What you have to do:
Read the records and gather each line that includes "combinations".
'''
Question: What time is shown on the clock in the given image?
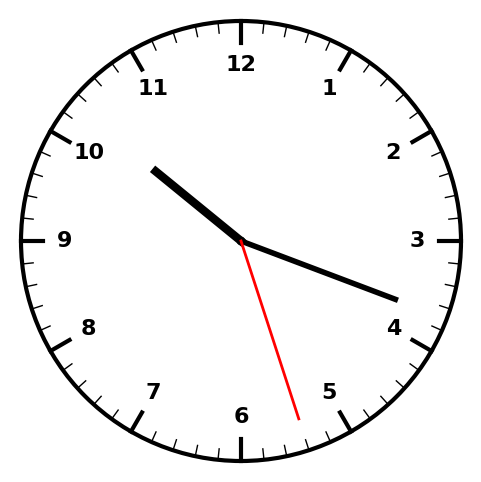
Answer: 10:18:27
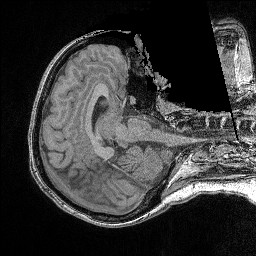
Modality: FLASH
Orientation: axial
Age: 26
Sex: female
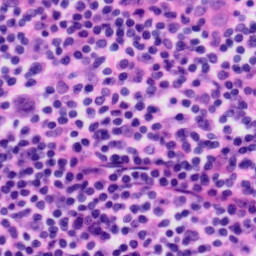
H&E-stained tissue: Tonsil
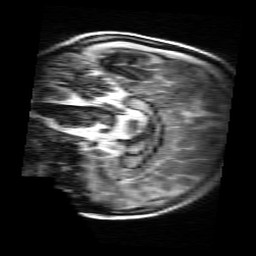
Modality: MP2RAGE
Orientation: sagittal
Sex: male
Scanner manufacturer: siemens
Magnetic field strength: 3 T
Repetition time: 5 s
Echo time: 0.00368 s
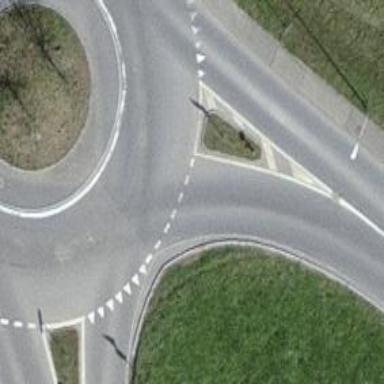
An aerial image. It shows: Road with "give way" sign.
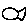
Label: fish
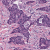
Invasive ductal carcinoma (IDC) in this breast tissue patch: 1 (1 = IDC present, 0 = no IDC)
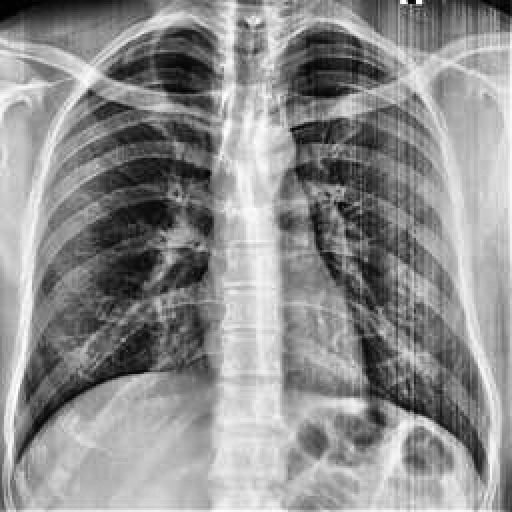
Finding: NORMAL
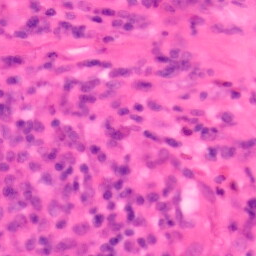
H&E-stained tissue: Colon
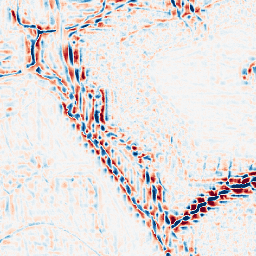
Category: wavelet
Decomposition family: wavelet_reverse_biorthogonal
Decomposition parameters: wavelet: rbio2.4
level: 3
Upsampling method: bicubic_3x
Upsampling parameters: scale: 3
Upsampling scale: 3
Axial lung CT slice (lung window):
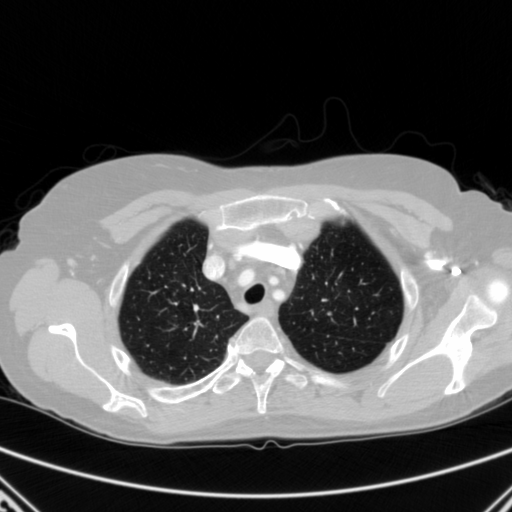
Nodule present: no
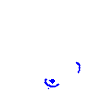
Particle: pion
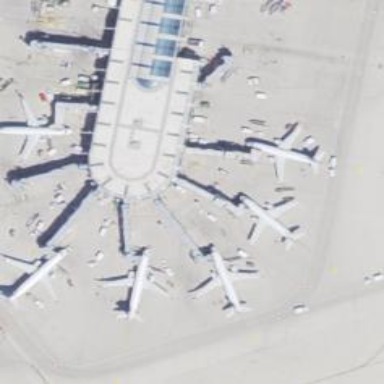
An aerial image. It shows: Airport gate.
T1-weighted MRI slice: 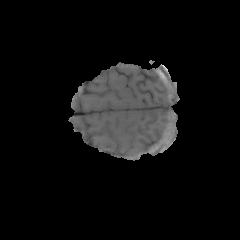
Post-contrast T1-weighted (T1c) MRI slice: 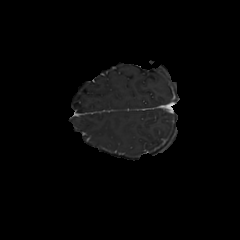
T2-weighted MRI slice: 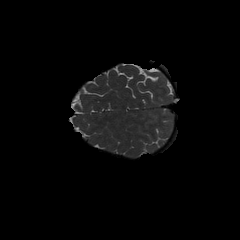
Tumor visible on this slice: no
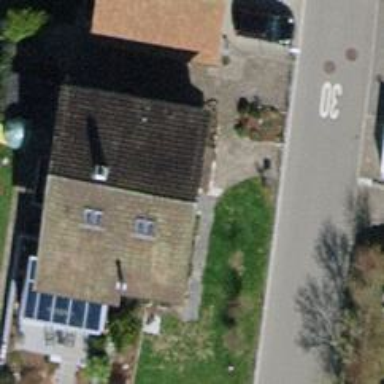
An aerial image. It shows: Building with gabled roof oriented across its structure.
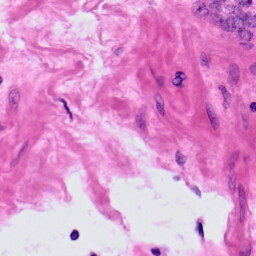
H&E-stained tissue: Prostate
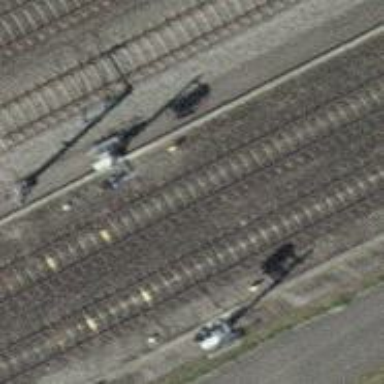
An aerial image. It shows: Railway signal.
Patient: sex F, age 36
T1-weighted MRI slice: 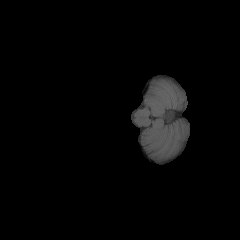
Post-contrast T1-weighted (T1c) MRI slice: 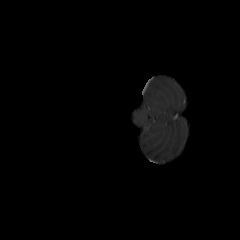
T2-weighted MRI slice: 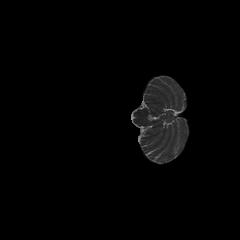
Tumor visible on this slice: no
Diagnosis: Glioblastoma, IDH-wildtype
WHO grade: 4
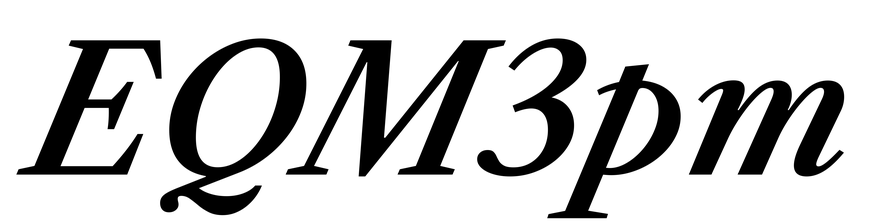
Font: LibreCaslonText-Italic_SemiBold_Italic
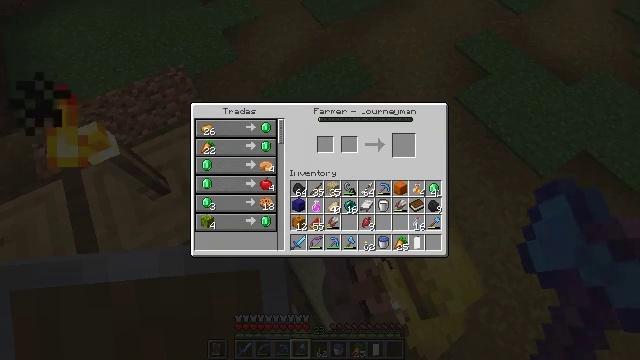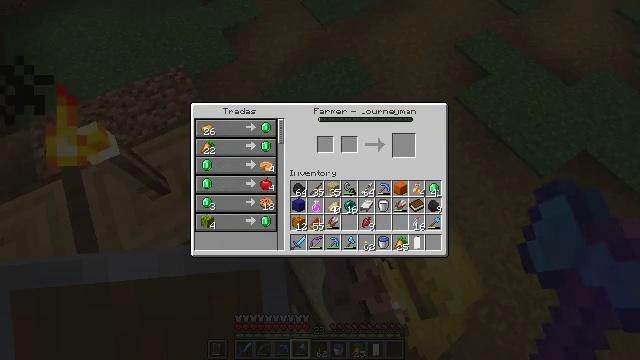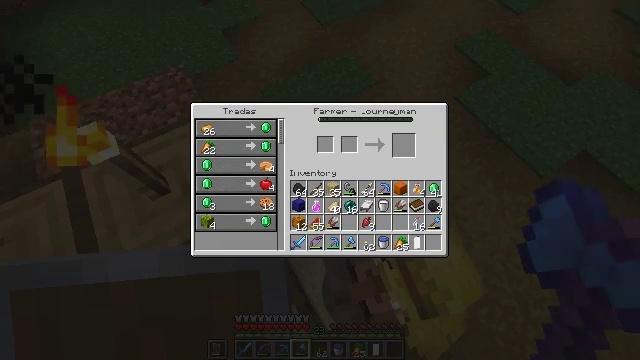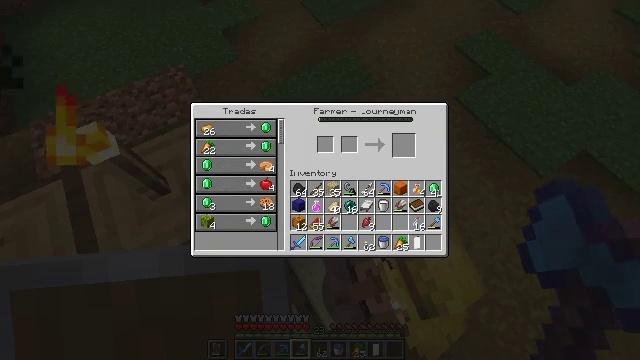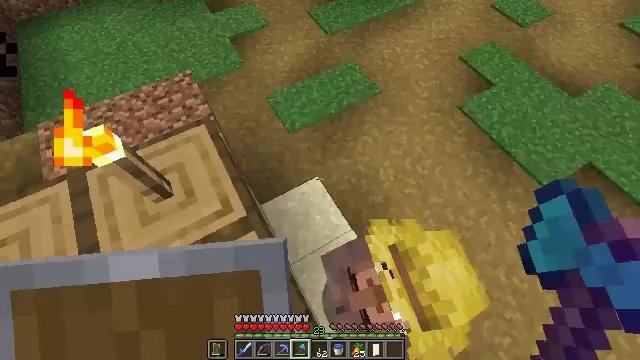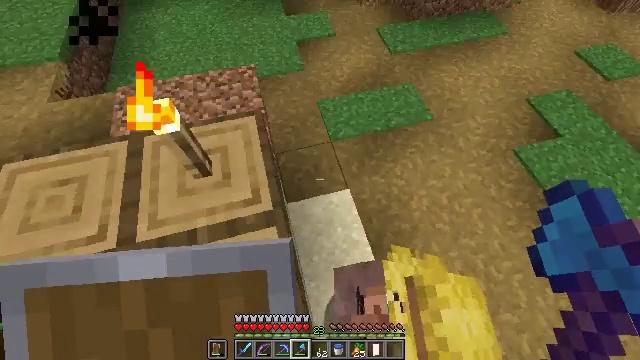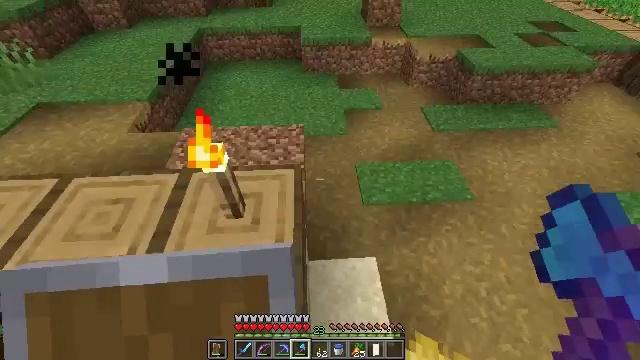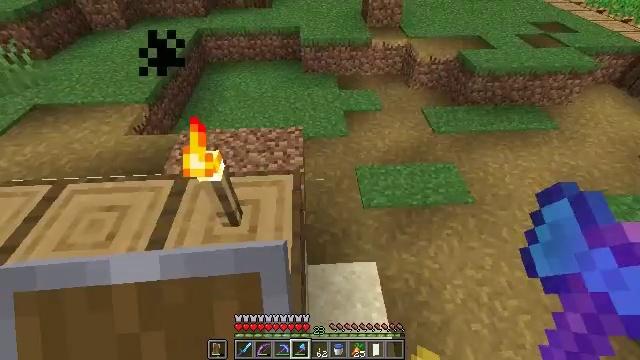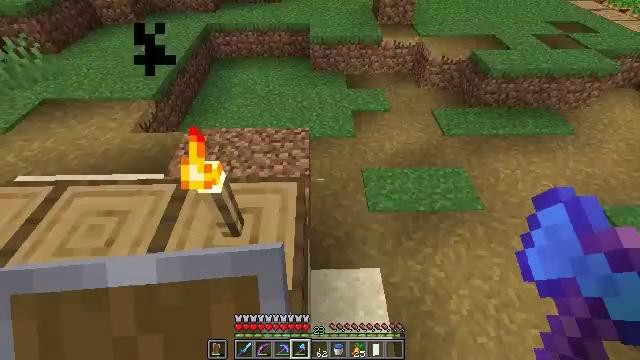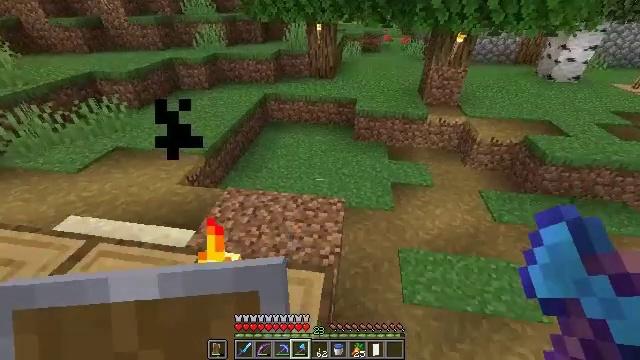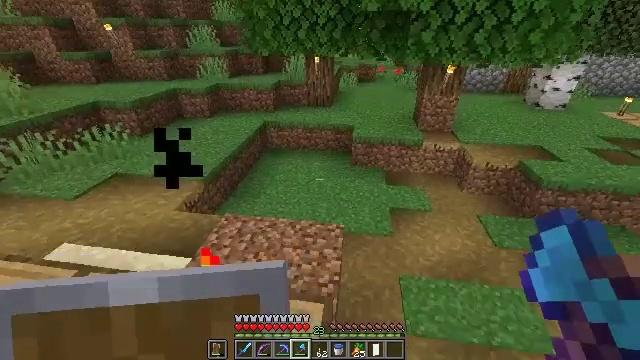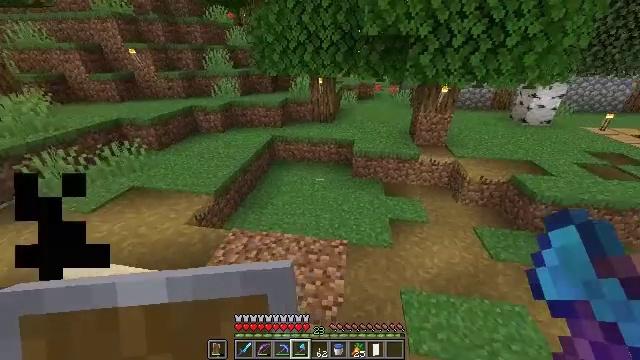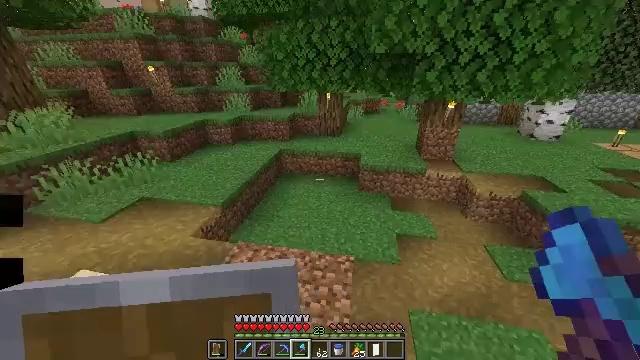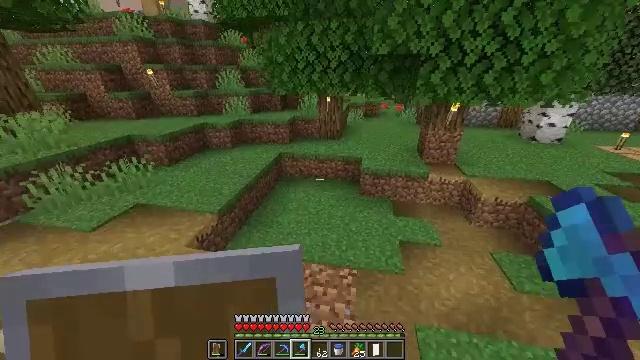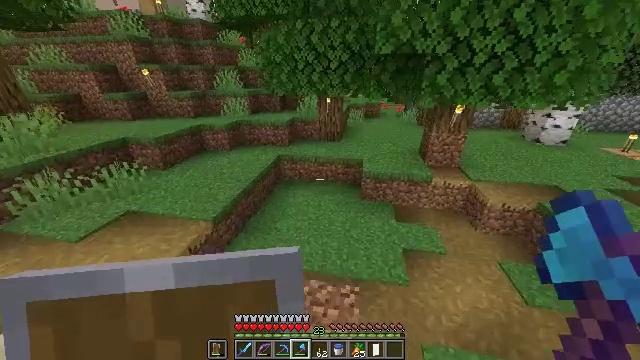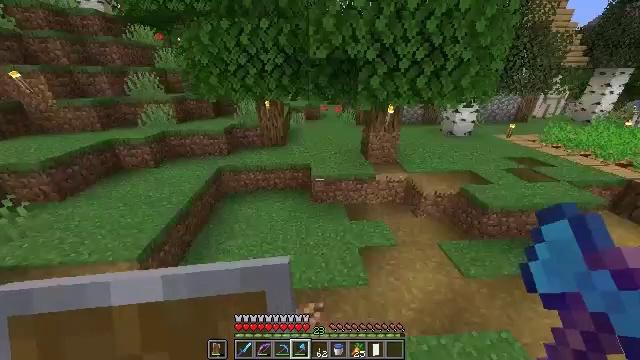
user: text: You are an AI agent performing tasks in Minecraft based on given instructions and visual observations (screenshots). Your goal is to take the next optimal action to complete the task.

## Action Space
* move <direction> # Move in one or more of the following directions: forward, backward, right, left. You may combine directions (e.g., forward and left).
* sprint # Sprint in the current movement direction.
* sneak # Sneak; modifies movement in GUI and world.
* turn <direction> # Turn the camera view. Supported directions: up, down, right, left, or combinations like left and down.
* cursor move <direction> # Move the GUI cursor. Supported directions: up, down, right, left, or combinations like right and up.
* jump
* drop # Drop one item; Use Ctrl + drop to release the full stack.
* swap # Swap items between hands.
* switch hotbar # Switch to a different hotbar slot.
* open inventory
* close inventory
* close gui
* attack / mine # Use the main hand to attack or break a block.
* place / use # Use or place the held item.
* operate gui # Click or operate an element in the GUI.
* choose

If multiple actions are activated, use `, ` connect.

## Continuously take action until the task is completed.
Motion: motion action
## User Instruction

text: Dig up potatoes from the soil.
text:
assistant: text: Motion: no_op
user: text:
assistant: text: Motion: no_op
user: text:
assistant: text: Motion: no_op
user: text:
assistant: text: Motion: cursor move left and up
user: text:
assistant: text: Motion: turn left and up, close gui
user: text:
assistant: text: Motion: turn left and up
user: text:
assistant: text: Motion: move forward
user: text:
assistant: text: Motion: move forward, turn left
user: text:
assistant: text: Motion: move forward, sprint, turn left and up
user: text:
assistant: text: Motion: move forward, sprint, turn up
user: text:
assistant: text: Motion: move forward, turn up
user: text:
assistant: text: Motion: move forward, turn left and up
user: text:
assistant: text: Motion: move forward
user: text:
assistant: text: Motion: move forward
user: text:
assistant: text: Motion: move forward, turn right
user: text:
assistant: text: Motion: move forward, turn right
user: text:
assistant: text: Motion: move forward, turn right and down
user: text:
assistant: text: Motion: move forward, turn right
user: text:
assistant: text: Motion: move forward
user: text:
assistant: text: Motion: move forward, turn right and up
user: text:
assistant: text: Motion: move forward, turn right
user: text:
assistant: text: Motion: move forward, switch to hotbar 3
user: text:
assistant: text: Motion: move forward, switch to hotbar 3
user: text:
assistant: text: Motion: move forward, switch to hotbar 3
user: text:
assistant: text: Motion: move forward
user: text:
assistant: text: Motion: move forward
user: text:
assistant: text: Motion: move forward
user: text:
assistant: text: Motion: move forward
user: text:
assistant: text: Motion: move forward
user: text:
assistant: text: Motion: move forward
'''
Answer box:
* turn <direction> # Turn the camera view. Supported directions: up, down, right, left, or combinations like left and down.
* cursor move <direction> # Move the GUI cursor. Supported directions: up, down, right, left, or combinations like right and up.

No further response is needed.